Compound feed prices continued to rise in January, with pig feed in particular becoming significantly more expensive. This is a response to the previously increased prices of dominant feed raw materials such as wheat and barley. Meanwhile, the global grain market is increasingly becoming dominated by the trade war that US President Donald Trump is waging with China, among others. This could further drive up compound feed prices.
Figures from Wageningen Economic Research show that pig feed increased by €5 to €308,50 per tonne in January. This is almost the same as the price level a year ago. The decrease that followed in the months that followed has been undone by the price increases in recent months. Sow feed and piglet pellets also became considerably more expensive last month. The upward stimulus for cattle feed is more moderate. For example, A-feed increased by €2 to €307,50 per tonne.
The cause lies in the physical grain prices. For example, the quotation of feed wheat in Rotterdam rose by more than €10 to €241,50 per tonne between the beginning of November and the end of December. Grain maize and barley rose in the same order of magnitude.
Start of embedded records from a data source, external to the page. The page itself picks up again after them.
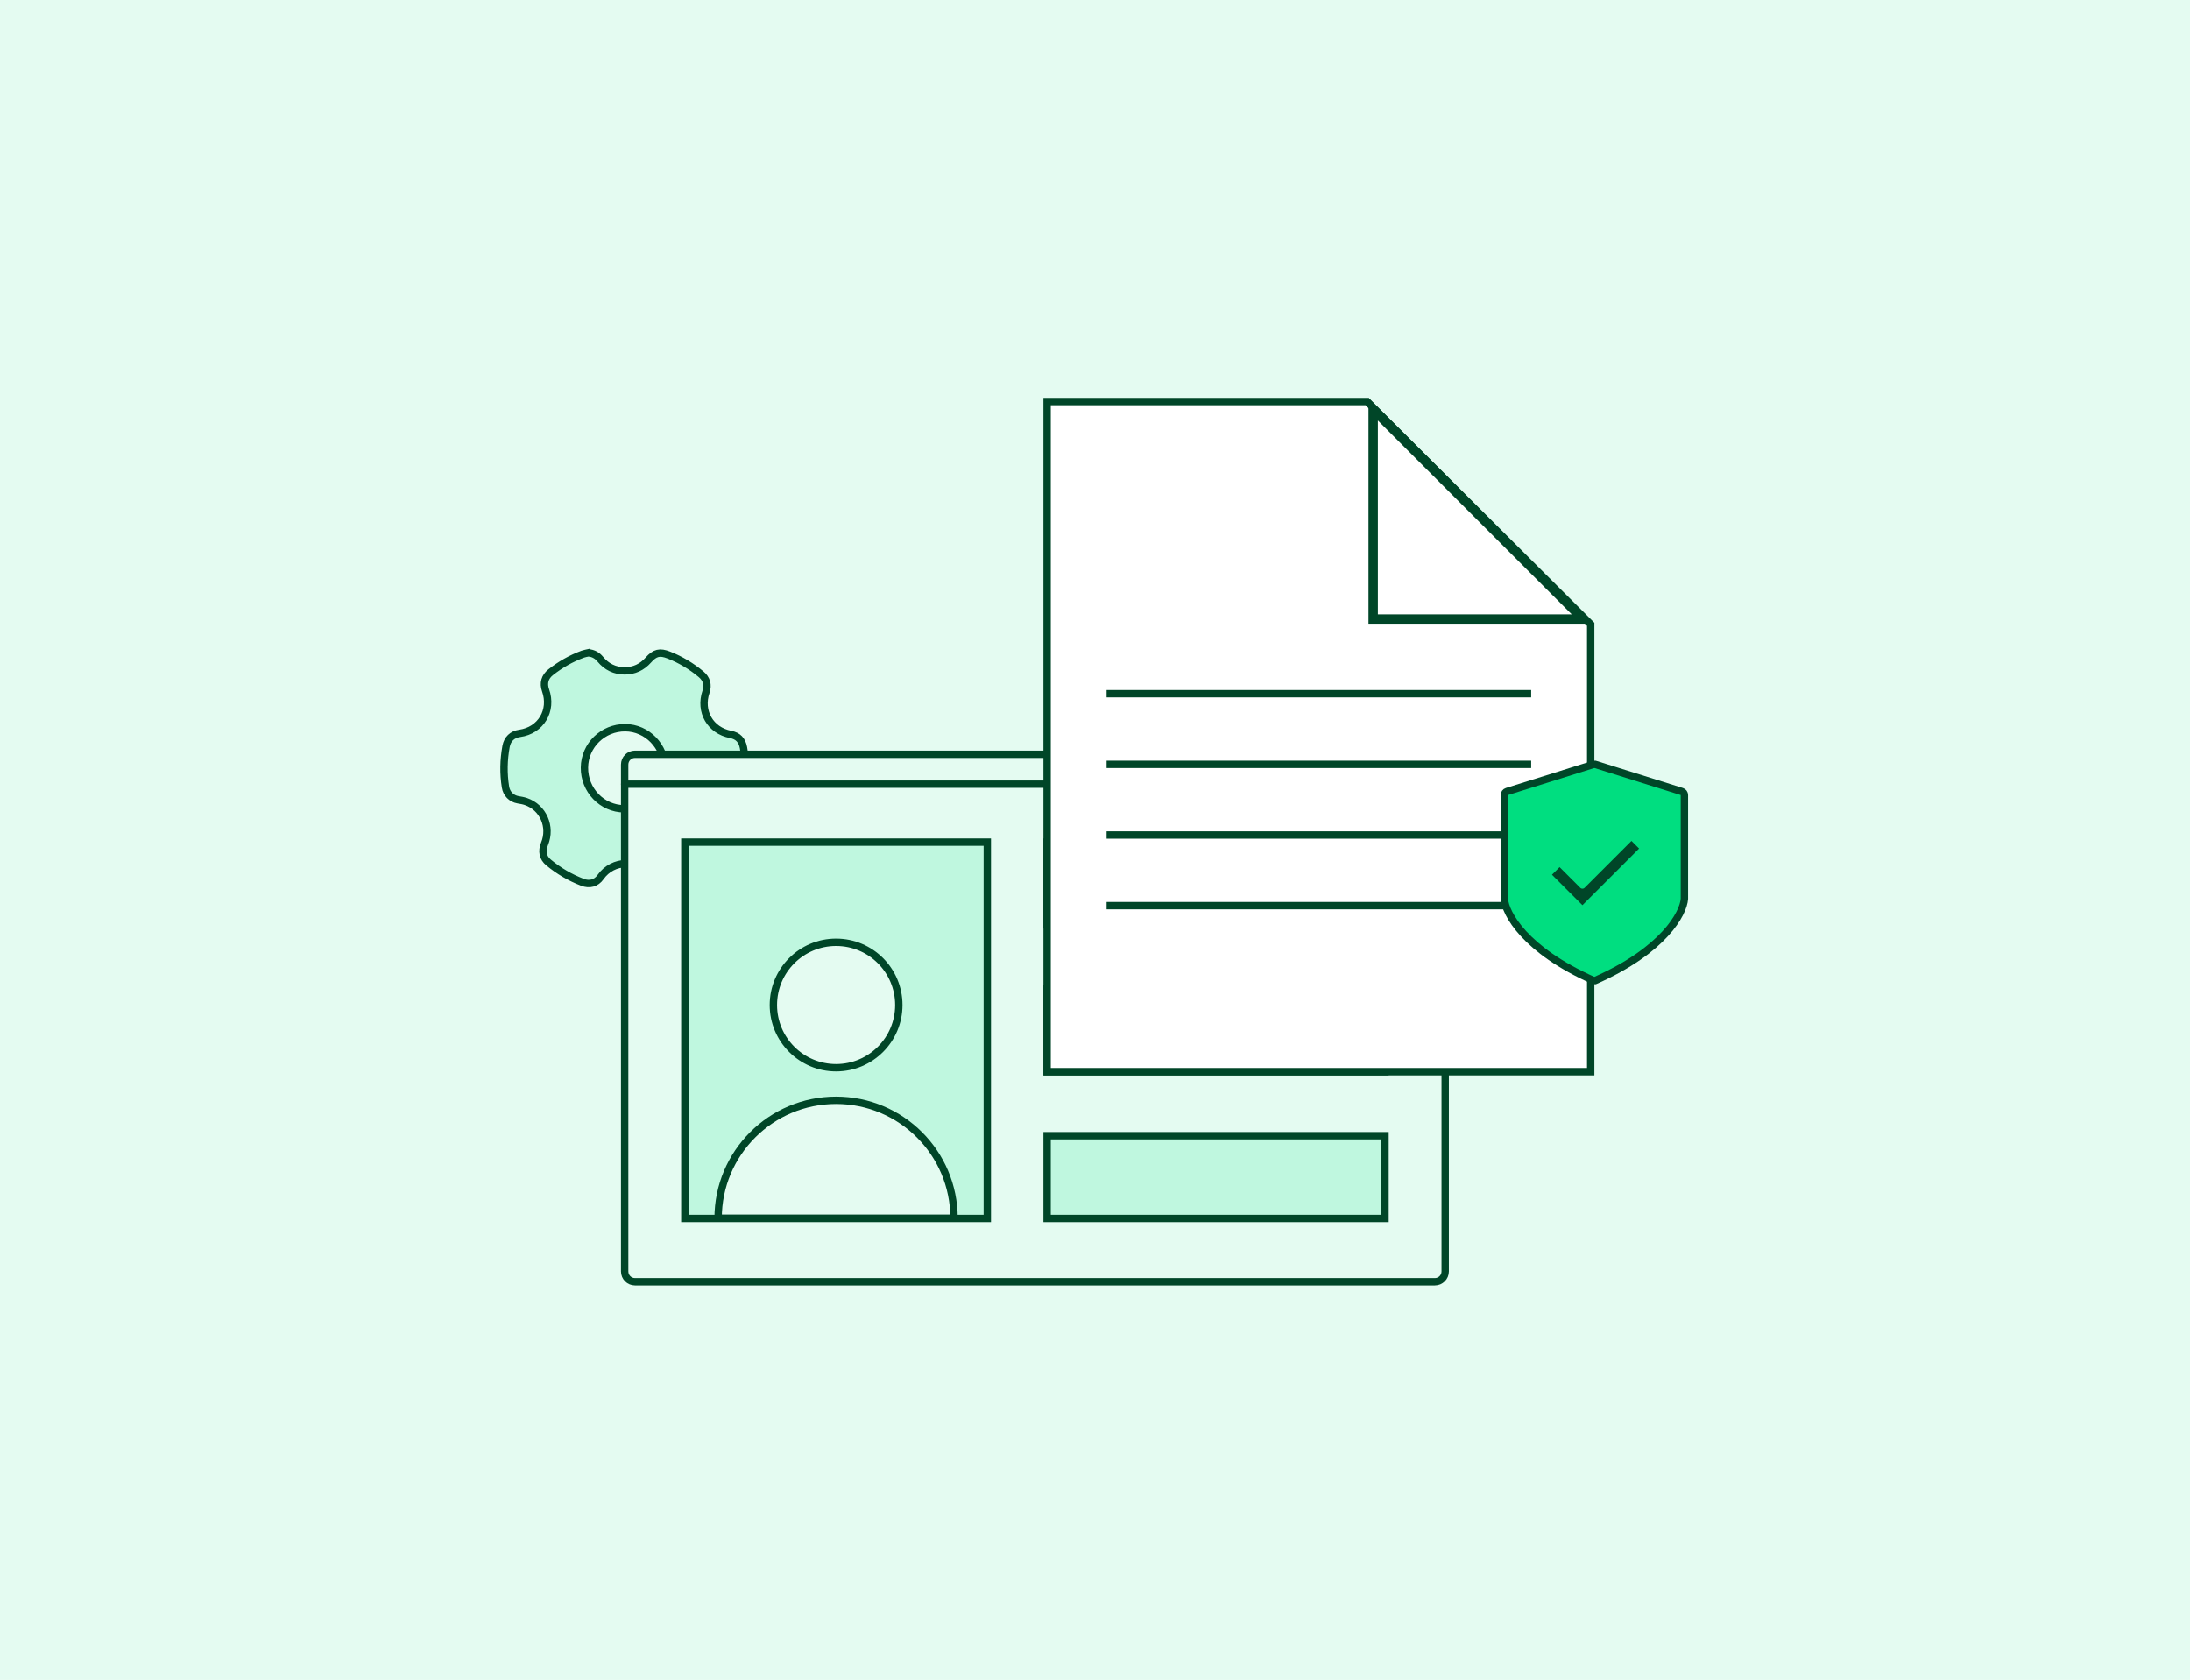 <svg width="743" height="570" viewBox="0 0 743 570" fill="none" xmlns="http://www.w3.org/2000/svg">
<rect width="743" height="570" fill="#E4FBF1"/>
<path d="M199.612 221.513C201.307 221.64 202.605 222.389 203.667 223.671C205.811 226.26 208.575 227.622 211.926 227.627C215.141 227.632 217.83 226.363 219.971 223.946C222.179 221.454 223.84 221.052 226.925 222.267C230.928 223.843 234.569 226.037 237.879 228.794C239.745 230.35 240.31 232.406 239.524 234.731C237.262 241.426 240.973 247.859 247.865 249.189C250.374 249.674 251.761 251.114 252.24 253.683C253.112 258.361 253.04 263.029 252.153 267.693C251.732 269.908 250.055 271.481 247.804 271.838C240.693 272.959 236.767 279.732 239.283 286.542C240.142 288.869 239.599 291.001 237.722 292.568C234.505 295.256 230.953 297.386 227.089 298.98C224.84 299.906 222.548 299.332 221.065 297.365C216.631 291.488 207.976 291.591 203.742 297.606C202.273 299.692 199.997 300.276 197.611 299.362C193.408 297.751 189.571 295.504 186.094 292.628C184.194 291.056 183.711 288.834 184.734 286.353C187.144 280.499 184.285 273.965 178.405 271.955C177.552 271.663 176.641 271.523 175.748 271.369C173.495 270.983 171.857 269.308 171.497 267.045C170.765 262.443 170.852 257.857 171.69 253.276C172.148 250.772 173.782 249.184 176.329 248.831C183.499 247.833 187.536 241.104 185.094 234.216C184.239 231.806 184.843 229.667 186.832 228.091C190.143 225.472 193.772 223.425 197.721 221.964C198.324 221.741 198.978 221.658 199.609 221.509L199.612 221.513ZM225.578 260.75C225.64 253.233 219.557 246.967 212.143 246.912C204.572 246.855 198.372 252.897 198.29 260.417C198.206 268.079 204.241 274.374 211.726 274.429C219.363 274.484 225.517 268.41 225.578 260.75Z" fill="#BFF7DF" stroke="#004628" stroke-width="2.5" stroke-miterlimit="10"/>
<path d="M486.81 255.924H215.431C213.497 255.924 211.93 257.491 211.93 259.425V431.41C211.93 433.343 213.497 434.911 215.431 434.911H486.81C488.744 434.911 490.311 433.343 490.311 431.41V259.425C490.311 257.491 488.744 255.924 486.81 255.924Z" fill="#E4FBF1" stroke="#004628" stroke-width="2.5" stroke-linecap="round" stroke-linejoin="round"/>
<path d="M211.93 266.071H490.316" stroke="#004628" stroke-width="2.5" stroke-linecap="round" stroke-linejoin="round"/>
<rect x="232.348" y="285.739" width="102.614" height="127.689" fill="#BFF7DF" stroke="#004628" stroke-width="2.5"/>
<rect x="355.25" y="285.739" width="114.645" height="28.081" fill="#BFF7DF" stroke="#004628" stroke-width="2.5"/>
<rect x="355.25" y="335.543" width="114.645" height="28.081" fill="#BFF7DF" stroke="#004628" stroke-width="2.5"/>
<rect x="355.25" y="385.349" width="114.645" height="28.081" fill="#BFF7DF" stroke="#004628" stroke-width="2.5"/>
<circle cx="283.662" cy="341.003" r="21.279" fill="#E4FBF1" stroke="#004628" stroke-width="2.5"/>
<path d="M283.656 373.328C261.554 373.328 243.637 391.245 243.637 413.348H323.676C323.676 391.245 305.758 373.328 283.656 373.328Z" fill="#E4FBF1" stroke="#004628" stroke-width="2.5" stroke-linejoin="round"/>
<path d="M539.674 363.625H355.252V136.25H463.81L539.674 211.832V363.625Z" fill="white" stroke="#004628" stroke-width="2.5"/>
<path d="M465.879 138.838L537.084 210.043H465.879V138.838Z" fill="white" stroke="#004628" stroke-width="3.18"/>
<path d="M375.438 235.38H519.485" stroke="#004628" stroke-width="2.5"/>
<path d="M375.438 259.351H519.485" stroke="#004628" stroke-width="2.5"/>
<path d="M375.438 283.32H519.485" stroke="#004628" stroke-width="2.5"/>
<path d="M375.438 307.289H519.485" stroke="#004628" stroke-width="2.5"/>
<path d="M570.581 268.562L541.191 259.35H540.65L511.26 268.562C510.735 268.726 510.377 269.213 510.377 269.764V304.985C510.728 309.906 517.275 322.336 540.65 332.698H541.191C564.566 322.336 571.113 309.906 571.464 304.985V269.764C571.464 269.213 571.106 268.726 570.581 268.562Z" fill="#00DE80" stroke="#004628" stroke-width="2.5"/>
<mask id="mask0_2162_14648" style="mask-type:alpha" maskUnits="userSpaceOnUse" x="519" y="274" width="45" height="45">
<rect x="520.805" y="275.742" width="41.018" height="41.018" fill="#D9D9D9" stroke="#004628" stroke-width="2.5"/>
</mask>
<g mask="url(#mask0_2162_14648)">
<path d="M554.324 287.91L536.871 305.363L528.303 296.795L529.119 295.979L535.251 302.111C536.146 303.005 537.596 303.005 538.49 302.111L553.507 287.094L554.324 287.91ZM529.267 295.831C529.267 295.831 529.267 295.831 529.267 295.831L529.267 295.831ZM554.472 288.058C554.472 288.058 554.471 288.058 554.471 288.058L554.472 288.058Z" fill="#004628" stroke="#004628" stroke-width="2.5"/>
</g>
</svg>

The cause of this must be sought in limited availability, although there is no shortage. The fall in the euro/dollar exchange rate in recent months is also noticeable in the background, which has made the import of overseas feed raw materials that have become more expensive in dollars for European producers.
Risk premiums due to impending trade war
Typically, there is a two to three month lag between the commodity market and compound feed prices. Since January, the physical prices of barley and wheat have not risen any further, which is a positive signal for livestock farmers. However, the futures market prices are picking up again, especially in Chicago. There, wheat rose to $212 per tonne yesterday, the highest level in over a month. Soybeans in Chicago have nevertheless climbed to almost $395 per tonne, the highest level since last summer.
Uncertainty has crept into the commodity market now that the US wants to impose a 10% import duty on Chinese goods. The idea is that China will retaliate with a duty on American (agricultural) goods, although soy and wheat have not yet been specifically named. During his previous administration, Trump also waged a trade war and China retaliated with, among other things, a duty on American soy. The coming period will show whether the air will drain from the market again and the risk premiums will be reduced, or whether the higher prices will hold. In the latter case, this is not good news for compound feed prices in the coming months.